In the drive mechanism in the Y-axis direction, the rotation of the motor 34 is simultaneously transmitted to the left and right screw shafts 31 by a gear transmission mechanism, and the rotation of both screw shafts 31 provides a drive mechanism in the X-axis direction. The rail member 33 is moved in the vertical direction. According to this drive mechanism in the Y-axis direction, both ends of the rail member that supports the drive mechanism in the X-axis direction can be synchronously moved up and down by one motor.

[Effects of the Invention] As described above, according to the present invention, a desired color image can be directly printed on a wall surface simply by installing it near a three-dimensional structure such as a wall surface.

In particular, if a framework with the above-mentioned drive mechanism is used, it is extremely easy to move and install on-site, and color images can be printed on walls by remote control, which can significantly reduce the need for large-scale scaffolding and labor. .
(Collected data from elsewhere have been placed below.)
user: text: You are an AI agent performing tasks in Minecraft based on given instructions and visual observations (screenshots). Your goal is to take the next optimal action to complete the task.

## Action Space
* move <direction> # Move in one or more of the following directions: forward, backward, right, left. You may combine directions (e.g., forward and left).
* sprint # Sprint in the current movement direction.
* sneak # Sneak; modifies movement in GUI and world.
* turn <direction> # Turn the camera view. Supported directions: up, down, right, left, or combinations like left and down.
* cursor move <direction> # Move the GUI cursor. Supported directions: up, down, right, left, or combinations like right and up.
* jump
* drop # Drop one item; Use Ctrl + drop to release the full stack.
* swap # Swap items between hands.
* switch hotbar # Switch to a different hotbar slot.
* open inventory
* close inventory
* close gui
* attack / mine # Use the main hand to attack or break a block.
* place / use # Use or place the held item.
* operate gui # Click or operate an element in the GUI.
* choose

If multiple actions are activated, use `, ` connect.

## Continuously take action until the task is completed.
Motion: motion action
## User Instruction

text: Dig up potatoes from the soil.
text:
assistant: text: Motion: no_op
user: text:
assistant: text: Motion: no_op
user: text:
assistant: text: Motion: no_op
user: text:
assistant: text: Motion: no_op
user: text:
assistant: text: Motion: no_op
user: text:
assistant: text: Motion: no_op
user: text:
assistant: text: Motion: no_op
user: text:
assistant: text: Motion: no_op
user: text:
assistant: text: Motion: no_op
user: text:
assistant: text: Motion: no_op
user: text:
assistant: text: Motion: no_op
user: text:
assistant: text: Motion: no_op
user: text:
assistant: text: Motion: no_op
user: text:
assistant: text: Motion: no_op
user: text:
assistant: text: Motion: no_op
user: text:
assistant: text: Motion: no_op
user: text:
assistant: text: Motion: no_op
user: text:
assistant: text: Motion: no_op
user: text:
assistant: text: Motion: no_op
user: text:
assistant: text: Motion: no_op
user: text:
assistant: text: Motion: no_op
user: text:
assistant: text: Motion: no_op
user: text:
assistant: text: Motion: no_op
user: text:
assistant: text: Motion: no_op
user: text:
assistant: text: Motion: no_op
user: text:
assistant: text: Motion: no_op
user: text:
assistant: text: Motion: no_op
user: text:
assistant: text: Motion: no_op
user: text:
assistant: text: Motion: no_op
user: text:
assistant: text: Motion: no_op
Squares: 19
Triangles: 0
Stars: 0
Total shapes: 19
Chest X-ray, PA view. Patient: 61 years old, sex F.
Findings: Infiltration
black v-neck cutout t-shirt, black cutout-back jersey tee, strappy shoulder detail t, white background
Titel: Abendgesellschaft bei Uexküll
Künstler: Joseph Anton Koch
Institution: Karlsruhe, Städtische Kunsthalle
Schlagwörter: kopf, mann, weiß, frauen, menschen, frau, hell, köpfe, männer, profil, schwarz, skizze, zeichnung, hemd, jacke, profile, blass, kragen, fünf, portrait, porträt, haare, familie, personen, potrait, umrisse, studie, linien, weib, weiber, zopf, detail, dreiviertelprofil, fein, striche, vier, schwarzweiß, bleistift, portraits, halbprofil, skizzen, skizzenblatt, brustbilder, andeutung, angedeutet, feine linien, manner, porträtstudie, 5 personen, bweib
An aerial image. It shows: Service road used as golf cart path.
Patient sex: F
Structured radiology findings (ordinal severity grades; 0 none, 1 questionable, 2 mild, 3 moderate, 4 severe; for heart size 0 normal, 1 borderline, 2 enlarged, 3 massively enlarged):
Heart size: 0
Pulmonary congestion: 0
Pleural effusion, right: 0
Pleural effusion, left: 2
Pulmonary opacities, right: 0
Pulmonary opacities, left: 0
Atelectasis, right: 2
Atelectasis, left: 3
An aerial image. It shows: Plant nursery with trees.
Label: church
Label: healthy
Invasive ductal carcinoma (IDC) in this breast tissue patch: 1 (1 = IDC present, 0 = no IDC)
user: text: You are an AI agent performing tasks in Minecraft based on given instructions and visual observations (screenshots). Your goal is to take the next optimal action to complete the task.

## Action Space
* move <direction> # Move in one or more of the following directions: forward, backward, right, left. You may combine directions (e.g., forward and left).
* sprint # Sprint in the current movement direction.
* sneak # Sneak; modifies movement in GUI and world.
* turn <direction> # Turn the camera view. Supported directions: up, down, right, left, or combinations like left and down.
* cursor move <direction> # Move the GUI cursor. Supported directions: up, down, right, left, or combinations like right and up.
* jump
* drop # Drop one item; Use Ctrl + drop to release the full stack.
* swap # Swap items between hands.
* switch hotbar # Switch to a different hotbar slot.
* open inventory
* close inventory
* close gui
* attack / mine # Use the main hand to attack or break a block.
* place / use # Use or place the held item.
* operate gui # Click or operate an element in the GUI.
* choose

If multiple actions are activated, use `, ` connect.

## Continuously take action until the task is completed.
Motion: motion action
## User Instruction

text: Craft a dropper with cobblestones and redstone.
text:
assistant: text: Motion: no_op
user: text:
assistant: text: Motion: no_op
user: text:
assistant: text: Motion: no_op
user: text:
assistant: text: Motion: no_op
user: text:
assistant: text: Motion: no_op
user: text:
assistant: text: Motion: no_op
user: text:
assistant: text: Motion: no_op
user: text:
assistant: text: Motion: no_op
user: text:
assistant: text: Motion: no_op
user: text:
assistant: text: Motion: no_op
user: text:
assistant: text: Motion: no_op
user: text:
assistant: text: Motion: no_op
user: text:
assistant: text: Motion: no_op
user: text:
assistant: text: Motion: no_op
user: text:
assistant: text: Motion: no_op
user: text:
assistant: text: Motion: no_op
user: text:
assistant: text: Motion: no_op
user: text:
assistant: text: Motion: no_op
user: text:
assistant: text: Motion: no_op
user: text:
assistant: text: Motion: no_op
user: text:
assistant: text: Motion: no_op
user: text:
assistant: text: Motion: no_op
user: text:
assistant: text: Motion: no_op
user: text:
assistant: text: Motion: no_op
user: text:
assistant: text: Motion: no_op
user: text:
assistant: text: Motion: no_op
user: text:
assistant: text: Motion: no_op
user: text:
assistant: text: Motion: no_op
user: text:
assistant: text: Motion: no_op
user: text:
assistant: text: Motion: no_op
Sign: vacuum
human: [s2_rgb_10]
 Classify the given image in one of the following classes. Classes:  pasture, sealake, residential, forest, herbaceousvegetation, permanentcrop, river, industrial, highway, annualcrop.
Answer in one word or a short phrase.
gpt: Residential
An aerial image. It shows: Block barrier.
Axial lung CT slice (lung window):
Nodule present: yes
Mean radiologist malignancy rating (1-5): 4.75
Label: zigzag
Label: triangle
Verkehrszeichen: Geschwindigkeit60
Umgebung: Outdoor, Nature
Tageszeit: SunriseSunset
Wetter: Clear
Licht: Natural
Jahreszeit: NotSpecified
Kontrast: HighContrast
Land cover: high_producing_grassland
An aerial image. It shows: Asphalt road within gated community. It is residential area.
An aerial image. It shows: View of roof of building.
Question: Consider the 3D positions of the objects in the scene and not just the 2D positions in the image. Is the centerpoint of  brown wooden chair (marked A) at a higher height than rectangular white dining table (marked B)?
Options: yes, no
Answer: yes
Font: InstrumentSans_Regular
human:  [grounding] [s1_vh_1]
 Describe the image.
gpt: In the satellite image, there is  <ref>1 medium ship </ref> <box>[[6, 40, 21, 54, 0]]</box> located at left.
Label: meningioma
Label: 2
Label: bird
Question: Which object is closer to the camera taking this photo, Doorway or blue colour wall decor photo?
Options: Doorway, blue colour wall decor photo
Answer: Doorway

[Brief explanation of the drawing]

Fig. 1 is a perspective view of the main parts of an automatic drawing device showing an embodiment of the present invention, Fig. 2 is a side view, Fig. 3 is an exploded perspective view of the framework, and Fig. 4 is the main part of the X and axial drive mechanism. Figure 5 is a perspective view of the main parts of the Y-axis direction drive mechanism, Figure 6 is a side view of the part that detects malfunction in the Y-axis direction, Figure 7 is a side view of the stopper mechanism part, and Figure 8 is a side view of the Z-axis direction drive mechanism, FIG. 9 is a perspective view of the mounting part of the optical sensor, and FIG. 10 is a plan view thereof.
11 and 12 are explanatory diagrams of the detection operation of the optical sensor on a curved wall surface, FIG. 13 is a perspective view of the main parts of an automatic drawing device showing another embodiment of the present invention, and FIG. 14 is a conventional color enlarged printing method. FIG. 2 is a perspective view of the device. 1......Framework, 2, 3, 4.5...
...Frame unit, 8...Spray gun unit, 9...Movable frame unit, 10
......Rail, 11...Rack gear, 12...Driver, 13...
...... Rini roller, 14... Support stand, 15... Pinion gear, 16...
...Motor, 17...Encoder, 18...Rack gear, 19...
...Driver, 20...Pinion gear, 21...Motor, 22...
...Sensor, 23...Solenoid, 2
4... Stopper, 25...
... Chassis, 26... Rollers, 27...
...Motor, 28...Light sensor, S1 to S6...Limit switch, 3
１・・・・・・・・・Screw shaft, 32・・・・・・・・・
Screw body, 33...Rail member, 34...
...Motor, 35...Gear transmission mechanism.

Claims (1)

[Claims] a frame that can be freely installed on a surface to be printed such as a wall surface; a supporting means in the X-axis direction that movably supports an ink spray gun unit for printing on the surface to be printed in the left-right direction; a Y-axis support means that supports the X-axis support means so as to be movable in the vertical direction; and a Z-axis support means that supports the spray gun unit supported by the X-axis support means so as to be movable in the front-rear direction. means for moving the spray gun unit supported by the support means in the X-axis direction and the support means in the X-axis direction by an external control drive signal, and a means for moving the spray gun unit supported by the support means in the Z-axis direction, respectively An automatic drawing apparatus comprising means for moving a spray gun unit in accordance with a detection signal from at least one sensor that detects a distance between the spray gun unit and the surface to be printed.